Несгибаемый присел в кресло у стола, Павлов — напротив, в другое кресло.
— Ну что же, Андрей Михайлович, можно докладывать?
— Дело не в докладе, Михаил Андреевич… Дело в хлебе. Стране нужен хлеб. Ты это, конечно, и сам хорошо понимаешь. С этих позиций и расскажи о начальных шагах.
— Сам я успел побывать только в наиболее отстающих хозяйствах района. Правда, сегодня собрался в «Борец», но…
— Поедем вместе, — предложил Павлов. — Мне давно хотелось Климова повидать.
— Прекрасно! — обрадовался Несгибаемый. — И главного агронома возьмем.
В кабинет вошел главный агроном Михайлов. Он молод еще, на нем темно-синий костюм, лакированные ботинки.
Пожимая руку Михайлова, Павлов подумал: «Да, это явно не полевой агроном…»
У машины Несгибаемый сказал Михайлову:
— Вы будете ведущим, садитесь впереди.
13
В машине Павлов думал об агрономе Климове. Он встречался с ним, но только на совещаниях и в кабинете. Впечатление осталось хорошее. Но каков он и деле? И прав ли был Гребенкин, когда досадовал, что Климов решительно отказался от поста главного агронома треста совхозов.
— С Обуховым не виделся? — спросил Павлов Несгибаемого.
— По телефону недавно говорил. Рвется в передовики, просил подкинуть гусеничных тракторов.
И тут Павлову пришла неожиданная идея: а что, если побыть эти дни в роли гостя Несгибаемого, простого свидетеля его действий? Ни во что не вмешиваться, только сопровождать и наблюдать?
Он высказал идею Несгибаемому:
— Не удержишься, Андрей Михайлович, — усомнился Несгибаемый.
— Начинаются климовские поля! — объявил Михайлов.
Обращали на себя внимание стройные ряды лесных полезащитных полос, они уже высокие, метра четыре-пять…
— Во многих хозяйствах района есть защитные полосы? — спросил Павлов.
— Кое-где есть, но мало… А в «Борце» успели опоясать чуть ли не половину полей.
…Как и следовало ожидать, Климова на усадьбе не оказалось. Посоветовали искать его в первом отделении.
По просторному полю, отмеченному со всех сторон лесными насаждениями, ползал трактор с двумя сеялками на прицепе.
Несгибаемый удивленно глянул на Михайлова. Тот в ответ пожал плечами. А когда вылезал из машины, сказал:
— Вообще-то Климов не признает ранних сроков посева…

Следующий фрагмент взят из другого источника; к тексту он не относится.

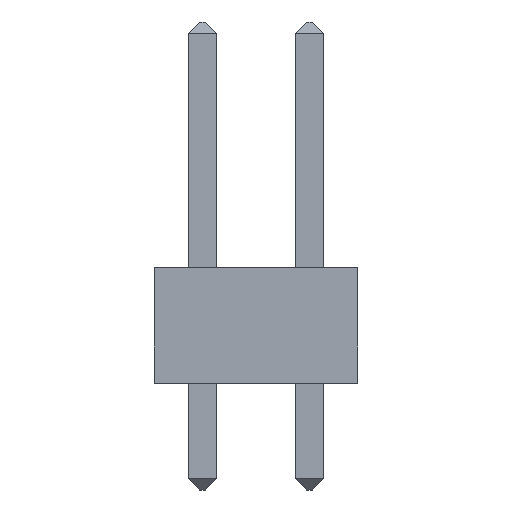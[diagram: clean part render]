
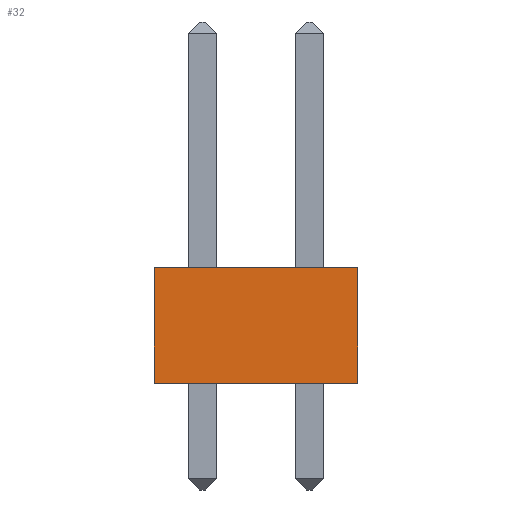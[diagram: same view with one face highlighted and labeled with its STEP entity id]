
A CAD part, left-side view. The second image highlights one B-rep face of the part: STEP entity #32.
In plain terms, the highlighted planar face has unit normal (-1, 0, 0).
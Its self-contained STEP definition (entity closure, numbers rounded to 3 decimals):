
#32 = ADVANCED_FACE('',(#33),#47,.F.);
#33 = FACE_BOUND('',#34,.F.);
#34 = EDGE_LOOP('',(#35,#70,#98,#126));
#35 = ORIENTED_EDGE('',*,*,#36,.F.);
#36 = EDGE_CURVE('',#37,#39,#41,.T.);
#37 = VERTEX_POINT('',#38);
#38 = CARTESIAN_POINT('',(-1.27,-1.145,0.));
#39 = VERTEX_POINT('',#40);
#40 = CARTESIAN_POINT('',(-1.27,-1.145,2.74));
#41 = SURFACE_CURVE('',#42,(#46,#58),.PCURVE_S1.);
#42 = LINE('',#43,#44);
#43 = CARTESIAN_POINT('',(-1.27,-1.145,0.));
#44 = VECTOR('',#45,1.);
#45 = DIRECTION('',(0.,0.,1.));
#46 = PCURVE('',#47,#52);
#47 = PLANE('',#48);
#48 = AXIS2_PLACEMENT_3D('',#49,#50,#51);
#49 = CARTESIAN_POINT('',(-1.27,-1.145,0.));
#50 = DIRECTION('',(1.,0.,0.));
#51 = DIRECTION('',(0.,0.,1.));
#52 = DEFINITIONAL_REPRESENTATION('',(#53),#57);
#53 = LINE('',#54,#55);
#54 = CARTESIAN_POINT('',(0.,0.));
#55 = VECTOR('',#56,1.);
#56 = DIRECTION('',(1.,0.));
#57 = ( GEOMETRIC_REPRESENTATION_CONTEXT(2) 
PARAMETRIC_REPRESENTATION_CONTEXT() REPRESENTATION_CONTEXT('2D SPACE',''
  ) );
#58 = PCURVE('',#59,#64);
#59 = PLANE('',#60);
#60 = AXIS2_PLACEMENT_3D('',#61,#62,#63);
#61 = CARTESIAN_POINT('',(-1.27,-1.145,0.));
#62 = DIRECTION('',(0.,1.,0.));
#63 = DIRECTION('',(0.,0.,1.));
#64 = DEFINITIONAL_REPRESENTATION('',(#65),#69);
#65 = LINE('',#66,#67);
#66 = CARTESIAN_POINT('',(0.,0.));
#67 = VECTOR('',#68,1.);
#68 = DIRECTION('',(1.,0.));
#69 = ( GEOMETRIC_REPRESENTATION_CONTEXT(2) 
PARAMETRIC_REPRESENTATION_CONTEXT() REPRESENTATION_CONTEXT('2D SPACE',''
  ) );
#70 = ORIENTED_EDGE('',*,*,#71,.T.);
#71 = EDGE_CURVE('',#37,#72,#74,.T.);
#72 = VERTEX_POINT('',#73);
#73 = CARTESIAN_POINT('',(-1.27,3.685,0.));
#74 = SURFACE_CURVE('',#75,(#79,#86),.PCURVE_S1.);
#75 = LINE('',#76,#77);
#76 = CARTESIAN_POINT('',(-1.27,-1.145,0.));
#77 = VECTOR('',#78,1.);
#78 = DIRECTION('',(0.,1.,0.));
#79 = PCURVE('',#47,#80);
#80 = DEFINITIONAL_REPRESENTATION('',(#81),#85);
#81 = LINE('',#82,#83);
#82 = CARTESIAN_POINT('',(0.,0.));
#83 = VECTOR('',#84,1.);
#84 = DIRECTION('',(0.,-1.));
#85 = ( GEOMETRIC_REPRESENTATION_CONTEXT(2) 
PARAMETRIC_REPRESENTATION_CONTEXT() REPRESENTATION_CONTEXT('2D SPACE',''
  ) );
#86 = PCURVE('',#87,#92);
#87 = PLANE('',#88);
#88 = AXIS2_PLACEMENT_3D('',#89,#90,#91);
#89 = CARTESIAN_POINT('',(-1.27,-1.145,0.));
#90 = DIRECTION('',(0.,0.,1.));
#91 = DIRECTION('',(1.,0.,0.));
#92 = DEFINITIONAL_REPRESENTATION('',(#93),#97);
#93 = LINE('',#94,#95);
#94 = CARTESIAN_POINT('',(0.,0.));
#95 = VECTOR('',#96,1.);
#96 = DIRECTION('',(0.,1.));
#97 = ( GEOMETRIC_REPRESENTATION_CONTEXT(2) 
PARAMETRIC_REPRESENTATION_CONTEXT() REPRESENTATION_CONTEXT('2D SPACE',''
  ) );
#98 = ORIENTED_EDGE('',*,*,#99,.T.);
#99 = EDGE_CURVE('',#72,#100,#102,.T.);
#100 = VERTEX_POINT('',#101);
#101 = CARTESIAN_POINT('',(-1.27,3.685,2.74));
#102 = SURFACE_CURVE('',#103,(#107,#114),.PCURVE_S1.);
#103 = LINE('',#104,#105);
#104 = CARTESIAN_POINT('',(-1.27,3.685,0.));
#105 = VECTOR('',#106,1.);
#106 = DIRECTION('',(0.,0.,1.));
#107 = PCURVE('',#47,#108);
#108 = DEFINITIONAL_REPRESENTATION('',(#109),#113);
#109 = LINE('',#110,#111);
#110 = CARTESIAN_POINT('',(0.,-4.83));
#111 = VECTOR('',#112,1.);
#112 = DIRECTION('',(1.,0.));
#113 = ( GEOMETRIC_REPRESENTATION_CONTEXT(2) 
PARAMETRIC_REPRESENTATION_CONTEXT() REPRESENTATION_CONTEXT('2D SPACE',''
  ) );
#114 = PCURVE('',#115,#120);
#115 = PLANE('',#116);
#116 = AXIS2_PLACEMENT_3D('',#117,#118,#119);
#117 = CARTESIAN_POINT('',(-1.27,3.685,0.));
#118 = DIRECTION('',(0.,1.,0.));
#119 = DIRECTION('',(0.,0.,1.));
#120 = DEFINITIONAL_REPRESENTATION('',(#121),#125);
#121 = LINE('',#122,#123);
#122 = CARTESIAN_POINT('',(0.,0.));
#123 = VECTOR('',#124,1.);
#124 = DIRECTION('',(1.,0.));
#125 = ( GEOMETRIC_REPRESENTATION_CONTEXT(2) 
PARAMETRIC_REPRESENTATION_CONTEXT() REPRESENTATION_CONTEXT('2D SPACE',''
  ) );
#126 = ORIENTED_EDGE('',*,*,#127,.F.);
#127 = EDGE_CURVE('',#39,#100,#128,.T.);
#128 = SURFACE_CURVE('',#129,(#133,#140),.PCURVE_S1.);
#129 = LINE('',#130,#131);
#130 = CARTESIAN_POINT('',(-1.27,-1.145,2.74));
#131 = VECTOR('',#132,1.);
#132 = DIRECTION('',(0.,1.,0.));
#133 = PCURVE('',#47,#134);
#134 = DEFINITIONAL_REPRESENTATION('',(#135),#139);
#135 = LINE('',#136,#137);
#136 = CARTESIAN_POINT('',(2.74,0.));
#137 = VECTOR('',#138,1.);
#138 = DIRECTION('',(0.,-1.));
#139 = ( GEOMETRIC_REPRESENTATION_CONTEXT(2) 
PARAMETRIC_REPRESENTATION_CONTEXT() REPRESENTATION_CONTEXT('2D SPACE',''
  ) );
#140 = PCURVE('',#141,#146);
#141 = PLANE('',#142);
#142 = AXIS2_PLACEMENT_3D('',#143,#144,#145);
#143 = CARTESIAN_POINT('',(-1.27,-1.145,2.74));
#144 = DIRECTION('',(0.,0.,1.));
#145 = DIRECTION('',(1.,0.,0.));
#146 = DEFINITIONAL_REPRESENTATION('',(#147),#151);
#147 = LINE('',#148,#149);
#148 = CARTESIAN_POINT('',(0.,0.));
#149 = VECTOR('',#150,1.);
#150 = DIRECTION('',(0.,1.));
#151 = ( GEOMETRIC_REPRESENTATION_CONTEXT(2) 
PARAMETRIC_REPRESENTATION_CONTEXT() REPRESENTATION_CONTEXT('2D SPACE',''
  ) );

Климов неторопливо шагал навстречу. Это был невысокого роста человек, в синем плаще. Ветерок играл вихрами волос льняного цвета, сильный загар подчеркивал сплетения морщинок на лице. На губах Климова добродушная улыбка.

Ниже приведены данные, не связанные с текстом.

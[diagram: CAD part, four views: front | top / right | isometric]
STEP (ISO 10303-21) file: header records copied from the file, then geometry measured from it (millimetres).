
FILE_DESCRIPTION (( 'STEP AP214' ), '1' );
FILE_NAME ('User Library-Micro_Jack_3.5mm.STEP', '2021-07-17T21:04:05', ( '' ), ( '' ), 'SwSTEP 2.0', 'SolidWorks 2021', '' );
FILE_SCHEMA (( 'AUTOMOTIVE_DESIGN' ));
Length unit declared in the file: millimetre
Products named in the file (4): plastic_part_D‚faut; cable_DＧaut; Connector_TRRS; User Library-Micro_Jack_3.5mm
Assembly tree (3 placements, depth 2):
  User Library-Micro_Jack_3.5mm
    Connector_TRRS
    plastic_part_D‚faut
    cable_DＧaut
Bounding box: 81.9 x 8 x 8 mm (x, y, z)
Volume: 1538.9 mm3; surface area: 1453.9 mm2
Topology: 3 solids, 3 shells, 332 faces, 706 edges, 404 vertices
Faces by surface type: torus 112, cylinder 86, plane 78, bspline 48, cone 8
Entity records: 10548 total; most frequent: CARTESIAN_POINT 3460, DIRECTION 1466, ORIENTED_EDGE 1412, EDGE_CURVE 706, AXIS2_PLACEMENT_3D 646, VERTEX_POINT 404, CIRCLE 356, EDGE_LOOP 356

— Сев развертываете? — кивнув в сторону трактора, спросил Несгибаемый Климова.
— Десять гектаров выделили для раннего сева… Без этого нельзя. Наш секретарь райкома товарищ Топорков настроен и нынче всех обогнать на севе… Так что… Поле у нас отведено для опытов по срокам сева. Сорт «мильтурум» посеем в четыре срока. — Покопав носком сапога землю, добавил: — Говорят, Обухов тысячу гектаров уже посеял.

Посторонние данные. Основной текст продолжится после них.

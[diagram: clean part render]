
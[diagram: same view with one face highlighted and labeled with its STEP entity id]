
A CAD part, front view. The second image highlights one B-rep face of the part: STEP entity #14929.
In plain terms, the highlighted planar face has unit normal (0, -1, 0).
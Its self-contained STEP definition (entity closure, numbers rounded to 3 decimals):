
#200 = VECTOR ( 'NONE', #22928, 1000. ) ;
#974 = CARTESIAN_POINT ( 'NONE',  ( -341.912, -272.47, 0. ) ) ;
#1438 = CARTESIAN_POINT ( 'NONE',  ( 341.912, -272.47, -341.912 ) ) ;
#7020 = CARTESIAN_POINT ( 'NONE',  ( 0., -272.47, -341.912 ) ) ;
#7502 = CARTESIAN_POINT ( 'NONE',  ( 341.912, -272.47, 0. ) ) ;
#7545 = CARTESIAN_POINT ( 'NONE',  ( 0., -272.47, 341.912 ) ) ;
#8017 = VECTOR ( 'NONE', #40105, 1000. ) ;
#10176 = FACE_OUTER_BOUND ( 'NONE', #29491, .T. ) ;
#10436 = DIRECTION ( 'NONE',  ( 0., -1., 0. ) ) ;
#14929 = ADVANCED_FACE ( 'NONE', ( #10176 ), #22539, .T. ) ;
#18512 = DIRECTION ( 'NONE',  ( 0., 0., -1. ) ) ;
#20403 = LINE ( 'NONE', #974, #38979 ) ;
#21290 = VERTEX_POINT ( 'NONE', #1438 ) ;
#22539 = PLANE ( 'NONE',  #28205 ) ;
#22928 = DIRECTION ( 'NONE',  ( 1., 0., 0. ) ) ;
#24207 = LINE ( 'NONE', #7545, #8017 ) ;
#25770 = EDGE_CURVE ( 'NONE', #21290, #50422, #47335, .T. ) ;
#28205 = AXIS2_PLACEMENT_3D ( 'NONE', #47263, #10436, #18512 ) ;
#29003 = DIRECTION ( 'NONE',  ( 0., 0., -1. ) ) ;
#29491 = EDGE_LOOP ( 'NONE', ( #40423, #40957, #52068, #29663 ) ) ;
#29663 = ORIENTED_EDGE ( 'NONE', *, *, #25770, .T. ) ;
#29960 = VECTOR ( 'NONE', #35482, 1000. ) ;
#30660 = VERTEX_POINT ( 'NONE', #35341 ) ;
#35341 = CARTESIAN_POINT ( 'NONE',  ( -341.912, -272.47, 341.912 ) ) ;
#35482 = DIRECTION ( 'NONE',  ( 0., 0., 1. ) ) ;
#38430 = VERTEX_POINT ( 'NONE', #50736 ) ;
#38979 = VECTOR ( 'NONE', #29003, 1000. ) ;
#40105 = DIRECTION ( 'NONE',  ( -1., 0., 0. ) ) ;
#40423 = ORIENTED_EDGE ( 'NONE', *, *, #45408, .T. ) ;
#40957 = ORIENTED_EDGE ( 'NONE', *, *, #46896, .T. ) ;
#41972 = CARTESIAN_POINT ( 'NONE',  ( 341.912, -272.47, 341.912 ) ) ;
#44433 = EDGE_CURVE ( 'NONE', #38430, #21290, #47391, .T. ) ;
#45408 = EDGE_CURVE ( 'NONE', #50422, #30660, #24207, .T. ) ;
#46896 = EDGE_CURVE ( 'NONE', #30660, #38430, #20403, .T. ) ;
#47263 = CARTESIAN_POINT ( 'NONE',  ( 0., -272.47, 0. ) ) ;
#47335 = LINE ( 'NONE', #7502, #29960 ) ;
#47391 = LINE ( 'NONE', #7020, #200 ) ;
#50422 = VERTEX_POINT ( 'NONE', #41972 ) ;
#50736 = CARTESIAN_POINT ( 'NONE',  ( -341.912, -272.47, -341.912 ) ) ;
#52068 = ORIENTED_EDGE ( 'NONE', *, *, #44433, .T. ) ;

— Позвольте! — удивился Несгибаемый. — Я немножко следил за Обуховым, писали о неплохих урожаях в его совхозе.
— Первые два года были, пока агроном опытный держался. А в прошлом году Обухов собрал по восьми центнеров зерна, сорняки разводит. Вот и нынче: на севе будет первый, а в связи с плохим урожаем получит самый низкий план по хлебосдаче и по проценту к плану опять будет впереди. Да разве это правильно, товарищ Павлов? — загорячился вдруг Климов. — Разве это нормально? Живем рядом, земли одинаковые, мы в прошлом году собрали с гектара по семнадцати центнеров, в два раза больше, чем Обухов, а по проценту к плану хлебосдачи он даже выше нашего, потому что ему план нищенский установили.
Гости молча выслушали благородный гнев агронома.
К машине подошла миловидная женщина, поздоровалась. Климов представил:
— Вера Васильевна, агроном. И еще — моя жена.
Вера Васильевна смутилась, на ее лице заиграл густой румянец. Она пошутила:
— Семейственность, одним словом…
Павлов когда-то работал на сортоиспытательном участке, и у них с Верой Васильевной завязался оживленный, сугубо специальный разговор. Оказалось, что многие из его замыслов по сортоиспытанию Вера Васильевна осуществила на полях совхоза. Он записал в свою книжечку названные Верой Васильевной цифры урожая отдельных сортов при различной обработке и в зависимости от сроков посева. Из цифр явствовало, что разница в урожае за счет сроков сева достигала в некоторые годы десяти центнеров с гектара.